• WHAT THE EXERCISE ASKS: Below is a block of entries; repeat exactly the lines starting at the line that contains "46.4C159.678 48.54 160.888" and ending at the line that contains "125.42C218.872 127.8 223.532", both included.

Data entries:
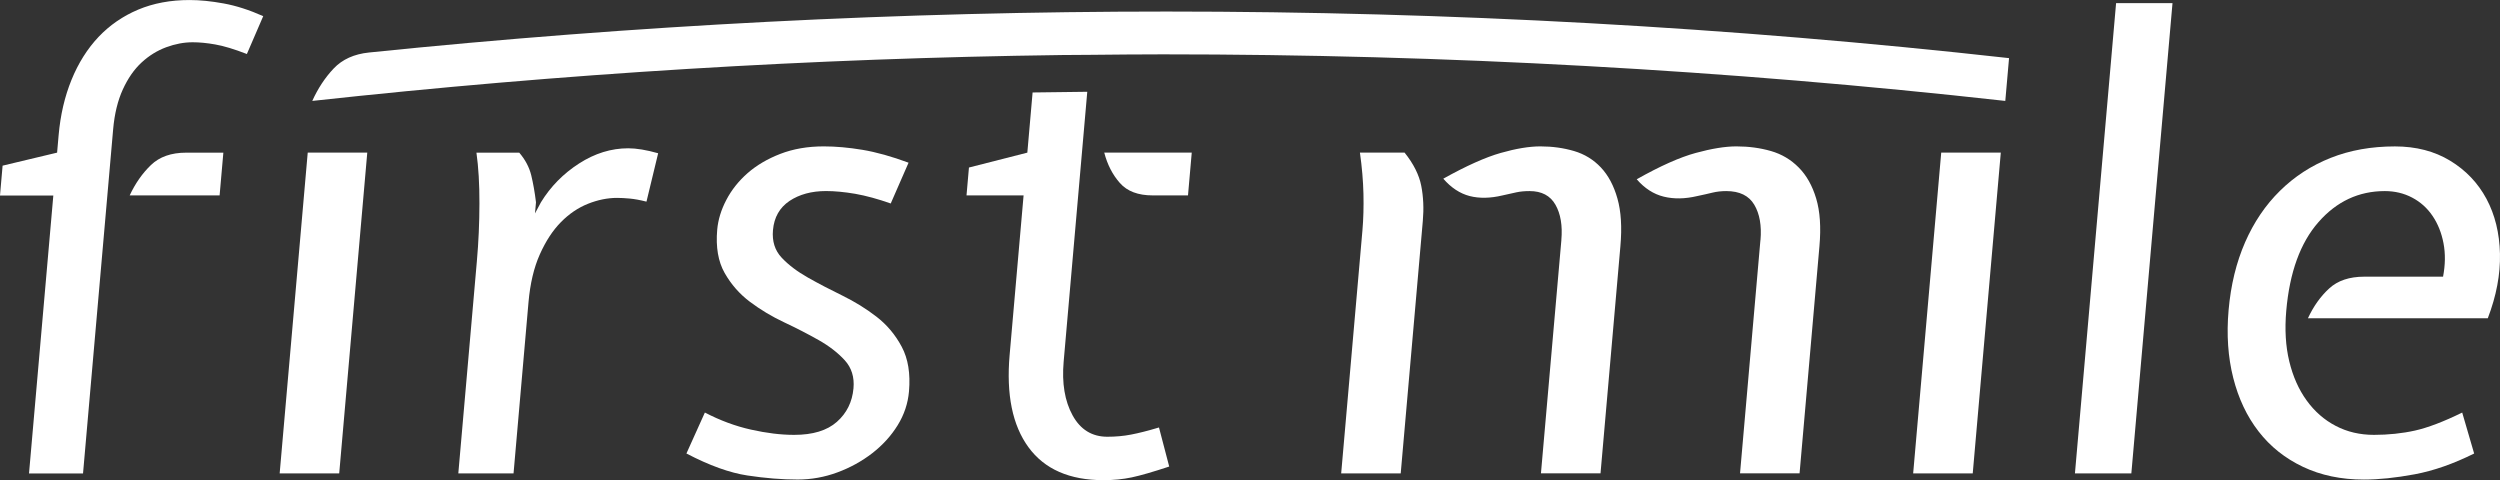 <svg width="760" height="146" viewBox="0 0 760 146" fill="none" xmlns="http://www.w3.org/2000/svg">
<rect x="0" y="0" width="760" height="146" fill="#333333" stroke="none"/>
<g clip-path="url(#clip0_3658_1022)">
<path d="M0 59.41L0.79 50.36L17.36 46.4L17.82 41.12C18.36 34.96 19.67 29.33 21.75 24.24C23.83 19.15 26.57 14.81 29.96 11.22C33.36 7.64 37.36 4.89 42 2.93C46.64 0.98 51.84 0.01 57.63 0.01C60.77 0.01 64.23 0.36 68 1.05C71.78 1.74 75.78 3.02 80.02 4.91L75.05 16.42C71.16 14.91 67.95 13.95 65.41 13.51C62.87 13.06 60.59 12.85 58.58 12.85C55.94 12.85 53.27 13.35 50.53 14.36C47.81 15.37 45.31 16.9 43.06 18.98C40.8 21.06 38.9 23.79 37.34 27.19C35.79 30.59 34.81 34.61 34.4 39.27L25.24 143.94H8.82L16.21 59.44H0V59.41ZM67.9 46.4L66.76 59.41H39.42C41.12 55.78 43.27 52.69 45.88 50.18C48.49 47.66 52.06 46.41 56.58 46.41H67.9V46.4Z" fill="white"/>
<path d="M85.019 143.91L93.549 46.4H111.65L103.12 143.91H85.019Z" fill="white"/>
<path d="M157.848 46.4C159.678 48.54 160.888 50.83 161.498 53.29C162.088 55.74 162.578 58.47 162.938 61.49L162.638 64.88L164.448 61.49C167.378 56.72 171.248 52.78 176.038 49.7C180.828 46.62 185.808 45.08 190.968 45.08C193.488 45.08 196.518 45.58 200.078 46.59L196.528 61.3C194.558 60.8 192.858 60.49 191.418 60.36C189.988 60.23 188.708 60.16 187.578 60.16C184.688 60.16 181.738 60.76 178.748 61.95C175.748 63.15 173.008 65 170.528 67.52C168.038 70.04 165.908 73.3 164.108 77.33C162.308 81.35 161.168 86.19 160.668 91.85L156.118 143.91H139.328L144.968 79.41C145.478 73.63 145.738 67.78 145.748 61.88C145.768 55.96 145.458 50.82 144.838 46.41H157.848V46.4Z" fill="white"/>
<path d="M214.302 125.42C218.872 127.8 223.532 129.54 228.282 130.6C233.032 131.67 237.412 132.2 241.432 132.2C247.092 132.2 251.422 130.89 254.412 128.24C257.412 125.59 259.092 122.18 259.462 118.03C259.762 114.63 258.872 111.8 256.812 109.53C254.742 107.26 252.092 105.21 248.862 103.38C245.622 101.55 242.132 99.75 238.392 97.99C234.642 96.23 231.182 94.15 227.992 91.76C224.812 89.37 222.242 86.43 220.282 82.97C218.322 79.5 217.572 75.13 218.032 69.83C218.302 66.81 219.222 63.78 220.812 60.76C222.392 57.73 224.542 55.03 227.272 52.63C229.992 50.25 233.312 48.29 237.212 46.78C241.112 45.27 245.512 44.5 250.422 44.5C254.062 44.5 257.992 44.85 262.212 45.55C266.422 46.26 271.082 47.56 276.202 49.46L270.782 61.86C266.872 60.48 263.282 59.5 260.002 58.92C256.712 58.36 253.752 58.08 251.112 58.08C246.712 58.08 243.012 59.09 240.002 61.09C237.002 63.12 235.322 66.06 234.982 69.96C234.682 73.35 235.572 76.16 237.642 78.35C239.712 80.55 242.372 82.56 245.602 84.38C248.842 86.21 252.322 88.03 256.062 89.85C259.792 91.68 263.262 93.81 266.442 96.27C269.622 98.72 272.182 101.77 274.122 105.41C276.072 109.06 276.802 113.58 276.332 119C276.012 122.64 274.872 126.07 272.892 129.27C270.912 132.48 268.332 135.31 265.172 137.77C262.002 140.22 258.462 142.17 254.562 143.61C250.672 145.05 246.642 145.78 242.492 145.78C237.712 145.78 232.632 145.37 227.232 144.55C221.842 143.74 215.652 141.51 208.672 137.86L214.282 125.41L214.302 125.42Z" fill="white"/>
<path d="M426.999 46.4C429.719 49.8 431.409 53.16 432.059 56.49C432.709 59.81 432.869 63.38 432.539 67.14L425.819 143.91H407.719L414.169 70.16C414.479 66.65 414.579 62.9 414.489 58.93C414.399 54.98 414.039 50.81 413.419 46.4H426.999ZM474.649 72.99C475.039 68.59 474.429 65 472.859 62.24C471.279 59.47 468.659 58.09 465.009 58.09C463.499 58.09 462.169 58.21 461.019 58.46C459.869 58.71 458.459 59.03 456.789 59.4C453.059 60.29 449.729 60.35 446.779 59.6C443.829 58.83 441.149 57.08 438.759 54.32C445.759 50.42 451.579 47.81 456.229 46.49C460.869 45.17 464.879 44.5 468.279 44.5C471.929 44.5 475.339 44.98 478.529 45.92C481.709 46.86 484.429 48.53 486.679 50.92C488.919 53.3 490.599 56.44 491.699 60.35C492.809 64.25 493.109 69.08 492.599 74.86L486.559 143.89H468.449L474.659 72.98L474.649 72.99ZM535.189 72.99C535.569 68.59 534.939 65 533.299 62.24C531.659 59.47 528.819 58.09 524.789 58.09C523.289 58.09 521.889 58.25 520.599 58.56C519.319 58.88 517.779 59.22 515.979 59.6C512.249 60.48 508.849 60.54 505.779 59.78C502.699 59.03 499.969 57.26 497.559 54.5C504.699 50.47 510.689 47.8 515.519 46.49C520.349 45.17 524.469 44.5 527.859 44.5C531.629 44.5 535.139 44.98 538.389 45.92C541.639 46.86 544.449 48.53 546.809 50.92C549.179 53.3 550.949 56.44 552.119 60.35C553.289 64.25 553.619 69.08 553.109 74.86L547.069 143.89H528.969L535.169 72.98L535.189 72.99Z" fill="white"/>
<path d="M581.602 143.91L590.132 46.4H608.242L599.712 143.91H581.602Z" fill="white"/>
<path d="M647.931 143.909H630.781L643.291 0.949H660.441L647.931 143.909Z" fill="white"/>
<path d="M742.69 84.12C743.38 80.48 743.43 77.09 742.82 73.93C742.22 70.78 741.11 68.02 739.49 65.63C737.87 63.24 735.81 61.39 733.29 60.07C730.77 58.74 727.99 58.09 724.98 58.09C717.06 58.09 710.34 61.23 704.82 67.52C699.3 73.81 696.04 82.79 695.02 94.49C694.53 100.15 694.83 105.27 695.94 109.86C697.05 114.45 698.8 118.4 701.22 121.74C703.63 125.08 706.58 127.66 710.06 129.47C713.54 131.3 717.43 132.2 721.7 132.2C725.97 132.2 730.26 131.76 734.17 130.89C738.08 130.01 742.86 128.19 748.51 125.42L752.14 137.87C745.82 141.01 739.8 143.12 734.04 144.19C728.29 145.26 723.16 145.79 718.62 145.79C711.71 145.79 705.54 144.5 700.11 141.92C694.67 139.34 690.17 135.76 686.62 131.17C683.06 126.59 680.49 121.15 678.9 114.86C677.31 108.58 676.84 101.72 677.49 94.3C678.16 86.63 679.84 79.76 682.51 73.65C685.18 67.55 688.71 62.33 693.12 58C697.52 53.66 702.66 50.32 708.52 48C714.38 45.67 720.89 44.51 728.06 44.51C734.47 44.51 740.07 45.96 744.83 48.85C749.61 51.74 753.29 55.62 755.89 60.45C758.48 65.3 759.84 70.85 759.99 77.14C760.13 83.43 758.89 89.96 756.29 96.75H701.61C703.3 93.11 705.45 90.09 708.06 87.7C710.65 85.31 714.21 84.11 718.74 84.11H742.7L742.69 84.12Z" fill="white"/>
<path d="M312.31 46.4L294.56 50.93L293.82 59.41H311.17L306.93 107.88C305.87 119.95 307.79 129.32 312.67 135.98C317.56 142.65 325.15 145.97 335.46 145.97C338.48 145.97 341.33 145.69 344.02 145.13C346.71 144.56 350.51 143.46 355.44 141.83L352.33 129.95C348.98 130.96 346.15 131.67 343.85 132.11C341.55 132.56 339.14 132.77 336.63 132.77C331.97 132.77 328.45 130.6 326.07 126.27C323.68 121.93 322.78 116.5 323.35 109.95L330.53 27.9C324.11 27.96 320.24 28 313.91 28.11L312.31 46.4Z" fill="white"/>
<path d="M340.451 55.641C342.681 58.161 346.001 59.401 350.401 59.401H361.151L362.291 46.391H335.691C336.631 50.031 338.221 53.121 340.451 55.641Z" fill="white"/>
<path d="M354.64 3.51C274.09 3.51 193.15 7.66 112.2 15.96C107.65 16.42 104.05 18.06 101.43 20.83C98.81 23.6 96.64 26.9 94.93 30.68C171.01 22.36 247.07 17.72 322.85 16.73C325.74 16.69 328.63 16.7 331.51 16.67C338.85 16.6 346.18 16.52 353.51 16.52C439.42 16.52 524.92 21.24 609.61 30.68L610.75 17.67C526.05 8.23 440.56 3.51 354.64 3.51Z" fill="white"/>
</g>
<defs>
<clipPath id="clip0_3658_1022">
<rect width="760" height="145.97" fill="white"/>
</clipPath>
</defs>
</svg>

• ANSWER FOR THE TASK:
<path d="M157.848 46.4C159.678 48.54 160.888 50.83 161.498 53.29C162.088 55.74 162.578 58.47 162.938 61.49L162.638 64.88L164.448 61.49C167.378 56.72 171.248 52.78 176.038 49.7C180.828 46.62 185.808 45.08 190.968 45.08C193.488 45.08 196.518 45.58 200.078 46.59L196.528 61.3C194.558 60.8 192.858 60.49 191.418 60.36C189.988 60.23 188.708 60.16 187.578 60.16C184.688 60.16 181.738 60.76 178.748 61.95C175.748 63.15 173.008 65 170.528 67.52C168.038 70.04 165.908 73.3 164.108 77.33C162.308 81.35 161.168 86.19 160.668 91.85L156.118 143.91H139.328L144.968 79.41C145.478 73.63 145.738 67.78 145.748 61.88C145.768 55.96 145.458 50.82 144.838 46.41H157.848V46.4Z" fill="white"/>
<path d="M214.302 125.42C218.872 127.8 223.532 129.54 228.282 130.6C233.032 131.67 237.412 132.2 241.432 132.2C247.092 132.2 251.422 130.89 254.412 128.24C257.412 125.59 259.092 122.18 259.462 118.03C259.762 114.63 258.872 111.8 256.812 109.53C254.742 107.26 252.092 105.21 248.862 103.38C245.622 101.55 242.132 99.75 238.392 97.99C234.642 96.23 231.182 94.15 227.992 91.76C224.812 89.37 222.242 86.43 220.282 82.97C218.322 79.5 217.572 75.13 218.032 69.83C218.302 66.81 219.222 63.78 220.812 60.76C222.392 57.73 224.542 55.03 227.272 52.63C229.992 50.25 233.312 48.29 237.212 46.78C241.112 45.27 245.512 44.5 250.422 44.5C254.062 44.5 257.992 44.85 262.212 45.55C266.422 46.26 271.082 47.56 276.202 49.46L270.782 61.86C266.872 60.48 263.282 59.5 260.002 58.92C256.712 58.36 253.752 58.08 251.112 58.08C246.712 58.08 243.012 59.09 240.002 61.09C237.002 63.12 235.322 66.06 234.982 69.96C234.682 73.35 235.572 76.16 237.642 78.35C239.712 80.55 242.372 82.56 245.602 84.38C248.842 86.21 252.322 88.03 256.062 89.85C259.792 91.68 263.262 93.81 266.442 96.27C269.622 98.72 272.182 101.77 274.122 105.41C276.072 109.06 276.802 113.58 276.332 119C276.012 122.64 274.872 126.07 272.892 129.27C270.912 132.48 268.332 135.31 265.172 137.77C262.002 140.22 258.462 142.17 254.562 143.61C250.672 145.05 246.642 145.78 242.492 145.78C237.712 145.78 232.632 145.37 227.232 144.55C221.842 143.74 215.652 141.51 208.672 137.86L214.282 125.41L214.302 125.42Z" fill="white"/>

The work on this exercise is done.